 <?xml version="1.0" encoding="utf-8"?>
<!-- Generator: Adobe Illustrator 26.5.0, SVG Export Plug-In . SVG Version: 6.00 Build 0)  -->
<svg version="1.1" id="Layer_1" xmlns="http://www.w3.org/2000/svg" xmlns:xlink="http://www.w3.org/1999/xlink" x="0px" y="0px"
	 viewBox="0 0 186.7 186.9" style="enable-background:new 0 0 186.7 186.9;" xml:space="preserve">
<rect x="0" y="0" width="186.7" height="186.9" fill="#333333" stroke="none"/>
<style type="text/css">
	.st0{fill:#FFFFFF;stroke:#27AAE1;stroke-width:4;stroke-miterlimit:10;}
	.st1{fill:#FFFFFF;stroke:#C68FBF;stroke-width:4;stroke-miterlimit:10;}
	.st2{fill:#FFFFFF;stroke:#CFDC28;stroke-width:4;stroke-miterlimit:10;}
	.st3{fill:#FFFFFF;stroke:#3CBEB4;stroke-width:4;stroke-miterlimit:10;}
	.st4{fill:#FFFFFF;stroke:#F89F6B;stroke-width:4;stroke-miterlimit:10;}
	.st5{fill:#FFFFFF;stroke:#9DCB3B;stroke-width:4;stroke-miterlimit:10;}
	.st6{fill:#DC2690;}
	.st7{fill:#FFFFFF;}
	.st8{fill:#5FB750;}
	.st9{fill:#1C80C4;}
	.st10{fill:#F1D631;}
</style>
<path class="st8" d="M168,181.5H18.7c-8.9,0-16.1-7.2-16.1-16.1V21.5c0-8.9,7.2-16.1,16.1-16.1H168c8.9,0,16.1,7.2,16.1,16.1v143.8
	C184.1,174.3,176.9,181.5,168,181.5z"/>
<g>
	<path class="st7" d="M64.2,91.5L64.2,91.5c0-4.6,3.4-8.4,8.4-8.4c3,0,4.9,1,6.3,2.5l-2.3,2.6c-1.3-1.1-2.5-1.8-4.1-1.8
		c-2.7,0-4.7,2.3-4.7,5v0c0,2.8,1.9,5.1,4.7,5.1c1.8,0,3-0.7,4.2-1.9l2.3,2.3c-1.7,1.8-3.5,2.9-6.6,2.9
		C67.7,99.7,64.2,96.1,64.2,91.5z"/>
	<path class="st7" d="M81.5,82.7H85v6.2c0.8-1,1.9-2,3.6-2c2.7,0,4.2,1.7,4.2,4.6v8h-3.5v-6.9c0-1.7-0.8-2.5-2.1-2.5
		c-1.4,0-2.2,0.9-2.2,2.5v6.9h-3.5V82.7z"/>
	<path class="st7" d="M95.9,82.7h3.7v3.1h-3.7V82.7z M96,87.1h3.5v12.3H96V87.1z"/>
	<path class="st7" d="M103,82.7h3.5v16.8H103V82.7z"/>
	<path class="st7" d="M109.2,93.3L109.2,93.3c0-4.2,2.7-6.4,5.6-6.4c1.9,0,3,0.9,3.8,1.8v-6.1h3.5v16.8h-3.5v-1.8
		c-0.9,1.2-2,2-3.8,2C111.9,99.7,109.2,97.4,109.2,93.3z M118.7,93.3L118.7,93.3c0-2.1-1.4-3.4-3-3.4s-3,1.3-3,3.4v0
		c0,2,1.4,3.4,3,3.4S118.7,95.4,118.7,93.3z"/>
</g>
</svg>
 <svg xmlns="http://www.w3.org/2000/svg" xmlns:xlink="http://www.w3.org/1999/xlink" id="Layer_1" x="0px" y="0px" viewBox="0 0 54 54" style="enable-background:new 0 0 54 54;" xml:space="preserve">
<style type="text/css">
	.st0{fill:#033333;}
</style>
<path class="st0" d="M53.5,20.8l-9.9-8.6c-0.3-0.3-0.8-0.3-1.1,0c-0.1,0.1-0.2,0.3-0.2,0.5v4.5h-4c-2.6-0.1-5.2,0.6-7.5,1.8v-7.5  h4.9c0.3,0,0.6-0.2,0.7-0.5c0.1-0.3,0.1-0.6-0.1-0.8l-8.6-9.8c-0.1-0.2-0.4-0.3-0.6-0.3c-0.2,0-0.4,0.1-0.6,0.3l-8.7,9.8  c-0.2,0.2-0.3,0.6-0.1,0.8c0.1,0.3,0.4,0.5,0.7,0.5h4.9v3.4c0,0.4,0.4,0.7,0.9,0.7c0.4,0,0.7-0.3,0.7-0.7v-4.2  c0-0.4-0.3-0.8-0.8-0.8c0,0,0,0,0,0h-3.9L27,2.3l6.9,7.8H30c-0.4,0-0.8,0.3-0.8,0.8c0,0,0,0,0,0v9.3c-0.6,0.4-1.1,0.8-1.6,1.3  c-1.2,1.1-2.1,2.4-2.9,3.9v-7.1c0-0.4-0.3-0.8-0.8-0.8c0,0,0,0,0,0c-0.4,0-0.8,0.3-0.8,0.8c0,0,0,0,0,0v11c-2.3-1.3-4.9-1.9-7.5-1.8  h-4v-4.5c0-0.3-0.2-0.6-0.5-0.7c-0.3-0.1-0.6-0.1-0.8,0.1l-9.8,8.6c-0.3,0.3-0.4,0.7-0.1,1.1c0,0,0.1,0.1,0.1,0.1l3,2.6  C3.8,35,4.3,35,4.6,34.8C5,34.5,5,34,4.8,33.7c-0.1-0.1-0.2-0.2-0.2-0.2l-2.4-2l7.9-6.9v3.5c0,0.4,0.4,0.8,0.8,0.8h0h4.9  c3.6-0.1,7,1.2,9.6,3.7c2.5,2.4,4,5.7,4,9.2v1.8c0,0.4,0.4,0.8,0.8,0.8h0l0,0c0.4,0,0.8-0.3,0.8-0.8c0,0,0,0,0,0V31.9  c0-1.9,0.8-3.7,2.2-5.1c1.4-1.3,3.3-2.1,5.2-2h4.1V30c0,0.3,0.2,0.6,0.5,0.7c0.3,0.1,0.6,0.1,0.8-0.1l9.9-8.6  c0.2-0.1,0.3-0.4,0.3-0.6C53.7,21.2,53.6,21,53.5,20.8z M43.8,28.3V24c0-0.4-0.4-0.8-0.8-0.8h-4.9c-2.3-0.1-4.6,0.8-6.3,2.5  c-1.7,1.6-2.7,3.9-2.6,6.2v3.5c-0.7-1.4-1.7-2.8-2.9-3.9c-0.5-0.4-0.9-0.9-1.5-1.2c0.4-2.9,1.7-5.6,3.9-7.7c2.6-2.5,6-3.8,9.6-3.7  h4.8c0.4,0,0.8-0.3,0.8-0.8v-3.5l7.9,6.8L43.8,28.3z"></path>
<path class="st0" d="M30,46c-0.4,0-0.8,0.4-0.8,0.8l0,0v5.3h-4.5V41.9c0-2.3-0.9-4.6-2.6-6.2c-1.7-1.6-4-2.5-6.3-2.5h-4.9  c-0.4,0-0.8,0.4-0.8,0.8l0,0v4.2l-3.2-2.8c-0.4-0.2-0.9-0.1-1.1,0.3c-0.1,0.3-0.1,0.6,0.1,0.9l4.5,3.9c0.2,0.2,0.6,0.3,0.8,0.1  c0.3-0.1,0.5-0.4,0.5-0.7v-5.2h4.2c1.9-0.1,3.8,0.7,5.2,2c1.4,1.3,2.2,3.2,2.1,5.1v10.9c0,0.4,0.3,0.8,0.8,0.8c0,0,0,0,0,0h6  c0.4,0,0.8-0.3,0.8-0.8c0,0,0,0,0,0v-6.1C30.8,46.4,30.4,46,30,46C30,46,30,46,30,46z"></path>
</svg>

━━━

**WORK TASK:**
Go through the lines above and copy any that contain "preserve".

**EXERCISE RESULT:**
	 viewBox="0 0 186.7 186.9" style="enable-background:new 0 0 186.7 186.9;" xml:space="preserve">
 <svg xmlns="http://www.w3.org/2000/svg" xmlns:xlink="http://www.w3.org/1999/xlink" id="Layer_1" x="0px" y="0px" viewBox="0 0 54 54" style="enable-background:new 0 0 54 54;" xml:space="preserve">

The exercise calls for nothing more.